Bitwise operations aren't likely to be any use to you.

For reading in a number in C++, it is best to use the tools that the library provides to you. If you can assume valid input, then just "reading into" (with operator >>) an int does all you need. However, assuming valid input is rarely a good idea ;) and it will cause serious problems with that method if you don't check for them. (It will cause entirely different problems with itoa(); if you put in a non-numeric value, it will just interpret it as 0, and you won't get a chance to test whether it really was a 0 that got entered.) See here for more info, but here is a summary of reading things in "safely" of any type:


// Note: You are responsible for finding and including the necessary libraries,
// accounting for namespaces, etc.

// When the available input can't be formatted as the type we're trying to read
// (e.g. we ask for an int and we get "hi mom"), there are two things to worry
// about:
// 1) The input is NOT "read", but instead sits there so that it will be
// picked up by the next read attempt. This allows you to "fall back" to
// interpreting the data in a different way, although that's rarely useful.
// 2) The stream will go into a "fail" state.

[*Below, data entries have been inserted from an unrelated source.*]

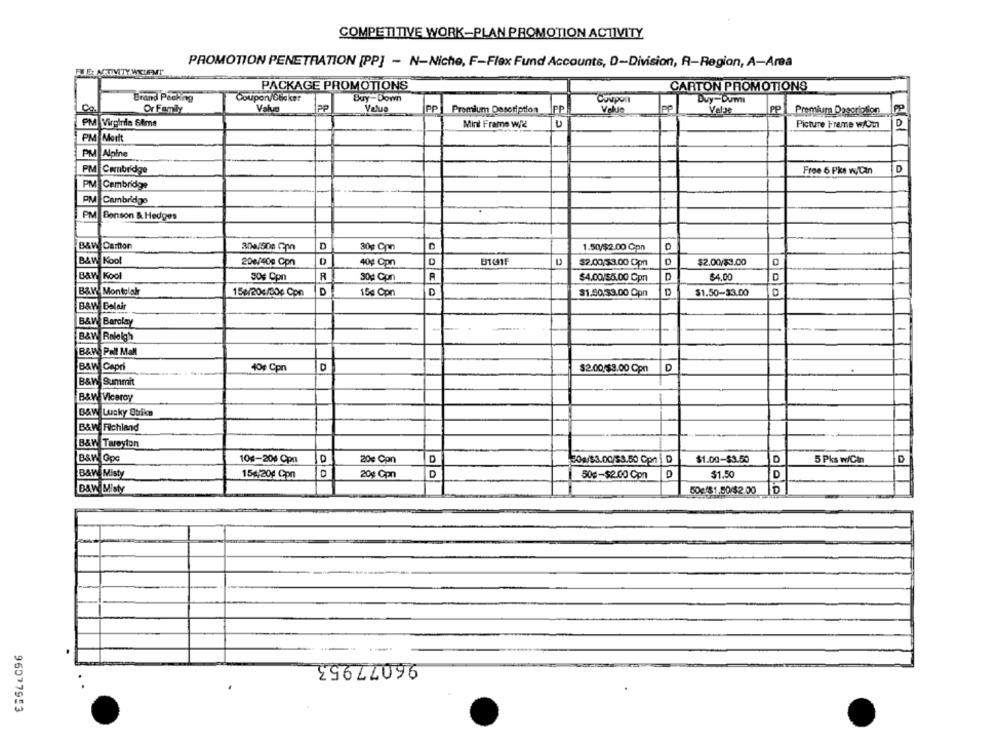
COMPETITIVE WORK-PLAN PROMOTION ACTIVITY
PROMOTION PENETRATION [PP] - N-Niche, F-Flex Fund Accounts, D-Division, R-Region, A-Area
PACKAGE PROMOTIONS
CARTON PROMOTIONS
Coupon/Cbaker
Buy-Down
Brand Packing
Coupon
Duy-Dumı
Co
Or Family
Value
PP
Value
PP
Premium Desoription
PP
Value
pp
ValJe
PP
Premium Dascriolilon
PP
PM Virginia Sims
Mint Frame wik
U
Picture Frame w/Om
D
PM Mort
PM Alpine
PM Cunbridge
Free 6 Pke w/Can
D
PM Cambridge
PM Cambridge
PM Benson & Hedges
B&W Carton
D
C
304/50g Cpn
30g Cpın
1.50/$2.00 Cpn
B&W Kool
200/400 Cpn
40g Con
C
B1CHF
$2.00/59.00 Cpr
$2.00/$3.00
B&W Kool
R
30g Cpn
30g Con
R
$4.00/$5.00 Cpr
D
$4.00
D
B&W Montolak
150/204/0c Con
D
15€ Con
$1.50/$3.00 Opn
$1.50-33.00
B&W Belair
B&W Barclay
B&W Raleigh
B&W Pall Mall
B&W Capri
40$ Cpn
D
$2.00/$3.00 Cpn
D
B&W Summit
B&W Viceroy
B&W Lucky Strike
B&W Filchland
B&W Taroyton
B&W. Gpe
104-200 Cpa
20€ Con
D
304/$3.00/53.50 Cpn D
$1.00-$3.50
D
5 Pks w/Cin
D
B&we Misty
154/20g Cpn
D
D
D
$1.50
D
20g Cpn
50g-$2.00 Con
DAW Misty
50g181.50/$2.00
D
.
96077953
.
96077953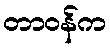
တာဝန်က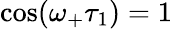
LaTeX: \cos(\omega_{+}\tau_{1})=1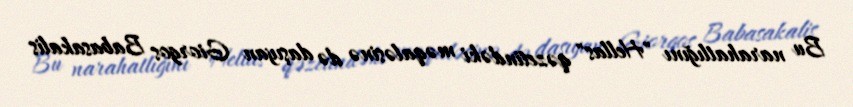
Bu narahatlığını "Hellas" qəzetindəki məqaləsinə də daşıyan Giorgos Babasakalis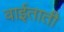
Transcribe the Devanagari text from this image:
वाईताती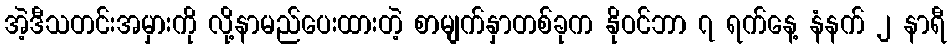
အဲ့ဒီသတင်းအမှားကို လို့နာမည်ပေးထားတဲ့ စာမျက်နှာတစ်ခုက နိုဝင်ဘာ ၇ ရက်နေ့ နံနက် ၂ နာရီ

// I will make two templated functions for grabbing an item from the specified
// stream. You can put in something of any type for the second argument, and it
// will work accordingly. In each of these, we will provide five arguments:
// 1) The stream to read from
// 2) The variable to read into (this works by "passing by reference")
// 3) The stream to output prompts to
// 4) The prompt message
// 5) The error message

// For the first version, we will skip past the current line of input and try
// again each time we fail. This has the advantage that we don't have to
// temporarily read and store the whole line of text
template <typename T>
istream& readFromAtBeginning(istream& source, T& target, ostream& console, const string& prompt, const string& error) {
// At the beginning of each loop we prompt, and then try to read the target;
// if the target reading succeeds, the loop will break
while (console << prompt << endl && !(source >> target)) {
// If we get here, the reading failed
source.clear(); // reset the "failed" state
source.ignore(numeric_limits<streamsize>::max(), '\n'); // skip a line
// Then spit out an error message, and re-prompt.
console << error << endl;
}
// Allow for chaining. Actually, this isn't at all useful at the moment, but
// might become useful if you find a way to wrap this into a class ;)
return source;
}

// For the second version, we will read in full lines into a temporary buffer,
// and parse the buffer contents. This will be slower, although it (a) won't
// require any "fixing" of the input, and (b) makes it easier to add a check
// (if desired) that there isn't any extra garbage at the end of the line.
template <typename T>
istream& readFromParsingLine(istream& source, T& target, ostream& console, const string& prompt, const string& error) {
// At the beginning of each loop we prompt, and then read the target;
// within the loop, we do the parsing.
string line; // our buffer for input
while (console << prompt << endl && source >> line) {
stringstream parser(line);
if (line >> target) {
// we succeeded in reading.
return source;
}
// Otherwise, the reading failed; we don't have to do any resetting - the
// stringstream will simply be destructed, and a new one created for the
// next line of input.
// So all we do is spit out the error message and re-prompt:
console << error << endl;
}
// Should never get here...
return source;
}

// I am also going to provide one more function that I think is useful: it will
// save you from having to declare a variable to read into - obviously you can't
// do chaining with it though (no way to specify the "links" in the chain). This
// one will only make one attempt; it's intended for use e.g. with files where
// prompting (or for that matter, skipping a whole line because of bad input)
// is not appropriate. It will also return a default-constructed value in the
// case of bad input.
template <typename T>
T readFrom(istream& is) {
T result = T();
if (!is >> result) { is.clear(); }
return result;
}

// Now you can write e.g.
cout << readFrom<int>(cin) * readFrom<int>(cin) << endl;
// Warning! the compiler IIRC is allowed to make the two readFrom() calls
// in either order. For the '*' operator it happens not to matter, but results
// are undefined e.g. with '<'.



These are not exactly functions that a beginner is likely to write for him/herself - at least not without a LOT of prompting :) However, I provide them because they provide a fairly simple solution to a common problem, and will allow for solving the problem just once - which is good, because it's an annoying one :) It will also probably provide a decent exercise in debugging, because I haven't tested any of it ;)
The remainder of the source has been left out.